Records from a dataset
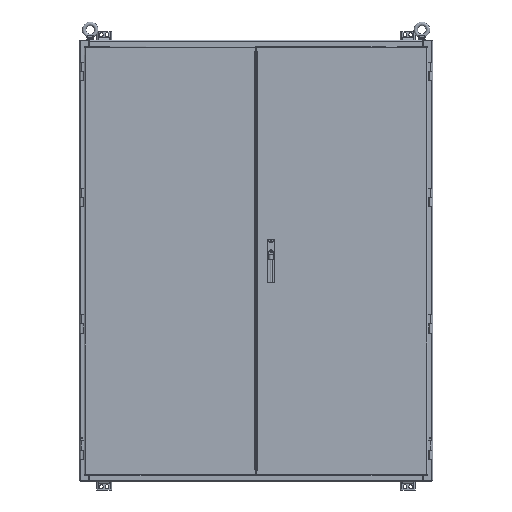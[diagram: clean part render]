
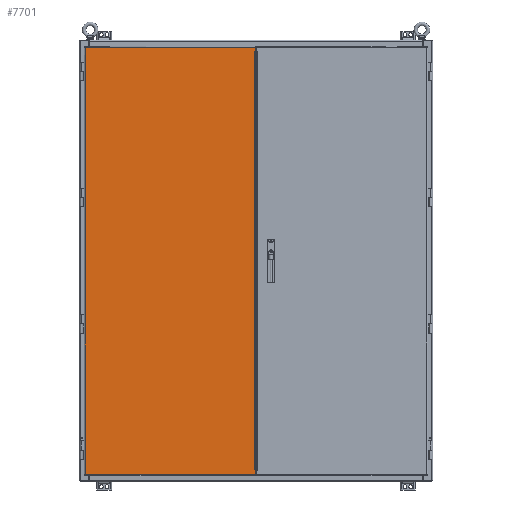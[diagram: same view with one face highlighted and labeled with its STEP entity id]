
A CAD part, front view. The second image highlights one B-rep face of the part: STEP entity #7701.
In plain terms, the highlighted planar face has unit normal (0, -1, 0).
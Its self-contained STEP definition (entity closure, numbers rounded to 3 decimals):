
#7701 = ADVANCED_FACE( '', ( #16042 ), #16043, .T. );
#16042 = FACE_OUTER_BOUND( '', #28386, .T. );
#16043 = PLANE( '', #28387 );
#28386 = EDGE_LOOP( '', ( #54385, #54386, #54387, #54388, #54389, #54390, #54391, #54392, #54393, #54394 ) );
#28387 = AXIS2_PLACEMENT_3D( '', #54395, #54396, #54397 );
#54385 = ORIENTED_EDGE( '', *, *, #67920, .F. );
#54386 = ORIENTED_EDGE( '', *, *, #67921, .T. );
#54387 = ORIENTED_EDGE( '', *, *, #67421, .T. );
#54388 = ORIENTED_EDGE( '', *, *, #67922, .T. );
#54389 = ORIENTED_EDGE( '', *, *, #62631, .T. );
#54390 = ORIENTED_EDGE( '', *, *, #65915, .T. );
#54391 = ORIENTED_EDGE( '', *, *, #63122, .T. );
#54392 = ORIENTED_EDGE( '', *, *, #61052, .F. );
#54393 = ORIENTED_EDGE( '', *, *, #67518, .F. );
#54394 = ORIENTED_EDGE( '', *, *, #65244, .T. );
#54395 = CARTESIAN_POINT( '', ( 0., 0., 0. ) );
#54396 = DIRECTION( '', ( 0., -1., 0. ) );
#54397 = DIRECTION( '', ( 0., 0., -1. ) );
#61052 = EDGE_CURVE( '', #70627, #70629, #70630, .T. );
#62631 = EDGE_CURVE( '', #73268, #73266, #73269, .T. );
#63122 = EDGE_CURVE( '', #74042, #70629, #74043, .T. );
#65244 = EDGE_CURVE( '', #76117, #77228, #77230, .T. );
#65915 = EDGE_CURVE( '', #73266, #74042, #78155, .T. );
#67421 = EDGE_CURVE( '', #80118, #80116, #80119, .T. );
#67518 = EDGE_CURVE( '', #76117, #70627, #80229, .T. );
#67920 = EDGE_CURVE( '', #80683, #77228, #80684, .T. );
#67921 = EDGE_CURVE( '', #80683, #80118, #80685, .T. );
#67922 = EDGE_CURVE( '', #80116, #73268, #80686, .T. );
#70627 = VERTEX_POINT( '', #87555 );
#70629 = VERTEX_POINT( '', #87558 );
#70630 = LINE( '', #87559, #87560 );
#73266 = VERTEX_POINT( '', #94711 );
#73268 = VERTEX_POINT( '', #94722 );
#73269 = LINE( '', #94723, #94724 );
#74042 = VERTEX_POINT( '', #96906 );
#74043 = LINE( '', #96907, #96908 );
#76117 = VERTEX_POINT( '', #101965 );
#77228 = VERTEX_POINT( '', #104832 );
#77230 = LINE( '', #104834, #104835 );
#78155 = LINE( '', #107714, #107715 );
#80116 = VERTEX_POINT( '', #114055 );
#80118 = VERTEX_POINT( '', #114057 );
#80119 = LINE( '', #114058, #114059 );
#80229 = LINE( '', #114445, #114446 );
#80683 = VERTEX_POINT( '', #115583 );
#80684 = LINE( '', #115584, #115585 );
#80685 = LINE( '', #115586, #115587 );
#80686 = LINE( '', #115588, #115589 );
#87555 = CARTESIAN_POINT( '', ( 292.113, 0., -721.667 ) );
#87558 = CARTESIAN_POINT( '', ( 295.593, 0., -721.667 ) );
#87559 = CARTESIAN_POINT( '', ( 295.593, 0., -721.667 ) );
#87560 = VECTOR( '', #117432, 1000. );
#94711 = CARTESIAN_POINT( '', ( -292.113, 0., -736.295 ) );
#94722 = CARTESIAN_POINT( '', ( -292.113, 0., 736.295 ) );
#94723 = CARTESIAN_POINT( '', ( -292.113, 0., -739.775 ) );
#94724 = VECTOR( '', #118533, 1000. );
#96906 = CARTESIAN_POINT( '', ( 295.593, 0., -736.295 ) );
#96907 = CARTESIAN_POINT( '', ( 295.593, 0., -739.775 ) );
#96908 = VECTOR( '', #118824, 1000. );
#101965 = CARTESIAN_POINT( '', ( 292.113, 0., -721.665 ) );
#104832 = CARTESIAN_POINT( '', ( 292.113, 0., 721.665 ) );
#104834 = CARTESIAN_POINT( '', ( 292.113, 0., -721.665 ) );
#104835 = VECTOR( '', #120217, 1000. );
#107714 = CARTESIAN_POINT( '', ( 295.593, 0., -736.295 ) );
#107715 = VECTOR( '', #120512, 1000. );
#114055 = CARTESIAN_POINT( '', ( 295.593, 0., 736.295 ) );
#114057 = CARTESIAN_POINT( '', ( 295.593, 0., 721.667 ) );
#114058 = CARTESIAN_POINT( '', ( 295.593, 0., -739.775 ) );
#114059 = VECTOR( '', #121039, 1000. );
#114445 = CARTESIAN_POINT( '', ( 292.113, 0., -721.667 ) );
#114446 = VECTOR( '', #121067, 1000. );
#115583 = CARTESIAN_POINT( '', ( 292.113, 0., 721.667 ) );
#115584 = CARTESIAN_POINT( '', ( 292.113, 0., -721.667 ) );
#115585 = VECTOR( '', #121212, 1000. );
#115586 = CARTESIAN_POINT( '', ( 295.593, 0., 721.667 ) );
#115587 = VECTOR( '', #121213, 1000. );
#115588 = CARTESIAN_POINT( '', ( -295.593, 0., 736.295 ) );
#115589 = VECTOR( '', #121214, 1000. );
#117432 = DIRECTION( '', ( 1., 0., 0. ) );
#118533 = DIRECTION( '', ( 0., 0., -1. ) );
#118824 = DIRECTION( '', ( 0., 0., 1. ) );
#120217 = DIRECTION( '', ( 0., 0., 1. ) );
#120512 = DIRECTION( '', ( 1., 0., 0. ) );
#121039 = DIRECTION( '', ( 0., 0., 1. ) );
#121067 = DIRECTION( '', ( 0., 0., -1. ) );
#121212 = DIRECTION( '', ( 0., 0., -1. ) );
#121213 = DIRECTION( '', ( 1., 0., 0. ) );
#121214 = DIRECTION( '', ( -1., 0., 0. ) );

Aim of the exercise
All that is wanted is an exact copy of the lines above from the one with "#80685 = LINE( '', #115586, #115587 );" through the one with "#94724 = VECTOR( '', #118533, 1000. );", with both ends included.

Response box
#80685 = LINE( '', #115586, #115587 );
#80686 = LINE( '', #115588, #115589 );
#87555 = CARTESIAN_POINT( '', ( 292.113, 0., -721.667 ) );
#87558 = CARTESIAN_POINT( '', ( 295.593, 0., -721.667 ) );
#87559 = CARTESIAN_POINT( '', ( 295.593, 0., -721.667 ) );
#87560 = VECTOR( '', #117432, 1000. );
#94711 = CARTESIAN_POINT( '', ( -292.113, 0., -736.295 ) );
#94722 = CARTESIAN_POINT( '', ( -292.113, 0., 736.295 ) );
#94723 = CARTESIAN_POINT( '', ( -292.113, 0., -739.775 ) );
#94724 = VECTOR( '', #118533, 1000. );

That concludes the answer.